Whoo hoo! The beef is now well-done, and I foresee this all being over within 4-6 weeks. I originally wrote my rationale as a comment on the Marmot's Hole, and I wonder how I'll do. I've been pretty good with predictions so far over the last couple of years:
Ah, as happens with protest movements, things are getting diffuse enough that this will mainstream away into meaninglessness. Just when this gets the largest and becomes akin to a festival (which is the feeling I got on the way home from work in Myeongdong today), that’s when the “movement” will fizzle into nothing.
As soon as people start demanding everything from impeachment to school reform to disabled people’s rights to anti-corruption campaigns (all valid causes, but…), people will realize that this isn’t going to help anything. And even if impeachment were possible in this case, it’s still not going to actually help.
Now that’s it’s bloomed and peaked, once people have had their fill of “the beauty of democracy” and pleasant walks down and around a closed off Kwanghwamun (and the police did such a good job today, and it was so well planned, it was like World Cup, but with the added excuse that it’s for a good cause.

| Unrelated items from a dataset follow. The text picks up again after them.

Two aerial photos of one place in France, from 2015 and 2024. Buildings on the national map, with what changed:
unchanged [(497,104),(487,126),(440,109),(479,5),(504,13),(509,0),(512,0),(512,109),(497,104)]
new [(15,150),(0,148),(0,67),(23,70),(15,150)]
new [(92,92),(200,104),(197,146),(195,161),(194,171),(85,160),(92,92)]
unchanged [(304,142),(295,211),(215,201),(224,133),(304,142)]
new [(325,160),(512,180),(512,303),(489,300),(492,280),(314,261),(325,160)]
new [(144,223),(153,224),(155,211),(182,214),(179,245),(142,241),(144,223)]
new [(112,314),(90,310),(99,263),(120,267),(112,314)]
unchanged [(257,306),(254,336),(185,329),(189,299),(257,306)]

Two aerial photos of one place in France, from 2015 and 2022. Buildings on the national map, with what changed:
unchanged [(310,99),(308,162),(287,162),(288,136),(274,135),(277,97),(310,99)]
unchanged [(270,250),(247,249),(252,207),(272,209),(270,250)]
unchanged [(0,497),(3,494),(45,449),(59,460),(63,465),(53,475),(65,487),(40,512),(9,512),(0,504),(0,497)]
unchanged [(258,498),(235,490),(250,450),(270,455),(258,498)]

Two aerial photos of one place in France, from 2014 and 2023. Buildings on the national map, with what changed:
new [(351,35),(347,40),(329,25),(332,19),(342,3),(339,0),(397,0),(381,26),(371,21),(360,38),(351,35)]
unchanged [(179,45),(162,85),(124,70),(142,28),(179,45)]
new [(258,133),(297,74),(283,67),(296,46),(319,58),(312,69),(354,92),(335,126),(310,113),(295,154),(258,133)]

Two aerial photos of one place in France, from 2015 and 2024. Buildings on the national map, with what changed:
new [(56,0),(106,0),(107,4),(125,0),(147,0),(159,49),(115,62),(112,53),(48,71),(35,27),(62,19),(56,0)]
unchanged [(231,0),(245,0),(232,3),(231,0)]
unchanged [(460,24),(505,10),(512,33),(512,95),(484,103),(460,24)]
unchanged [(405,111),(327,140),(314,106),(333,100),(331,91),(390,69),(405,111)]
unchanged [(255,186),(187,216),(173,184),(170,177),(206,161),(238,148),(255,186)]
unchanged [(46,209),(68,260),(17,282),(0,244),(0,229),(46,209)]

I don’t know about other folks, but half of my office went down there to spectate tonight, it seemed, more than to actually participate. People were talking about how many people were going to be there and how this was a must-see event, more than anyone expressing any strong political desire. One co-worker was marveling at the efficacy of the container boxes that had been greased up to prevent people from climbing up. I also had to admit that this was pretty clever.
Once it’s bloomed to the point of spectacle, and if it’s true many of the people in the crowd say they actually WANT a free trade agreement, isn’t this all but over, even if the cows haven’t come home yet?

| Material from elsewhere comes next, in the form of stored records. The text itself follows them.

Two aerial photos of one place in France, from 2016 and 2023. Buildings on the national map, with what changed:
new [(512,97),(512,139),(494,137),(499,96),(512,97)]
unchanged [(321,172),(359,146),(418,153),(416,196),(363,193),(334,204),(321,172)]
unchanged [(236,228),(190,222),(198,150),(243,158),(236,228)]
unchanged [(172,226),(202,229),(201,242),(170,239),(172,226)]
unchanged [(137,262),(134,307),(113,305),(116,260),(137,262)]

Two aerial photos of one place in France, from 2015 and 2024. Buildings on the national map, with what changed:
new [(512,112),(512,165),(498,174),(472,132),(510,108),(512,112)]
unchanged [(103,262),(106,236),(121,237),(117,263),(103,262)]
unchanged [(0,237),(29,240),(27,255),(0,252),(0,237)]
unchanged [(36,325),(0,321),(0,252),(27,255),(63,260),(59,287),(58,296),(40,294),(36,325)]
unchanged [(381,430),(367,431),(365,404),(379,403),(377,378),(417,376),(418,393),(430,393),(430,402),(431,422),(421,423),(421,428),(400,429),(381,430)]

It’s Kwanghwamun circa April 2003. People are having their say, getting it out, venting, and getting ready to return to life as usual. I think this is a good sign. And I give this about another 4-6 weeks before the protests die down to the core anti-FTA folks, a few hundred at a time, at most.
That’s my bet. What do others think?
Now that's it's mainstreamed, and getting into CNN, the NYT, and the Washington Post, it's out there. People have had their say, and the party's going to be winding down soon. A few more fun rallies like these (the violent folks are actually being sidelined, and the police have planned far too well for them to be effective, and kudos for them for preventing clashes that will be damaging to both sides and further unnecessarily inflame tensions), a few more pleasant nights with samgyeopsal after the protest, and the numbers will die, and the tenor of the protests will get more radical again as mainstream people leave to go to work and worry about the many REAL problems with the economy and society that require real attention.
People are throwing all kinds of legitimate gripes into the mix, but these are the kinds of problems that don't get solve by demonstrations or candlelight vigils. And once the beef thing is put into perspective, and seen in context against the other things that are quite literally killing this economy and its growth, only a few shouting radicals will be left -- hehe, pun accidental but being "left" as intended -- just like in every other conflagration here.
I think now, people are having their say, and what started as decidedly more focused (albeit less reasonable) a set of demands has now expanded to include nearly everything. And once people vent it all out, this mass movement's over.
Ding dong, the bullshit's gonna end. Yet, I'm afraid we'll still be stuck with expensive beef for awhile. Oh, well.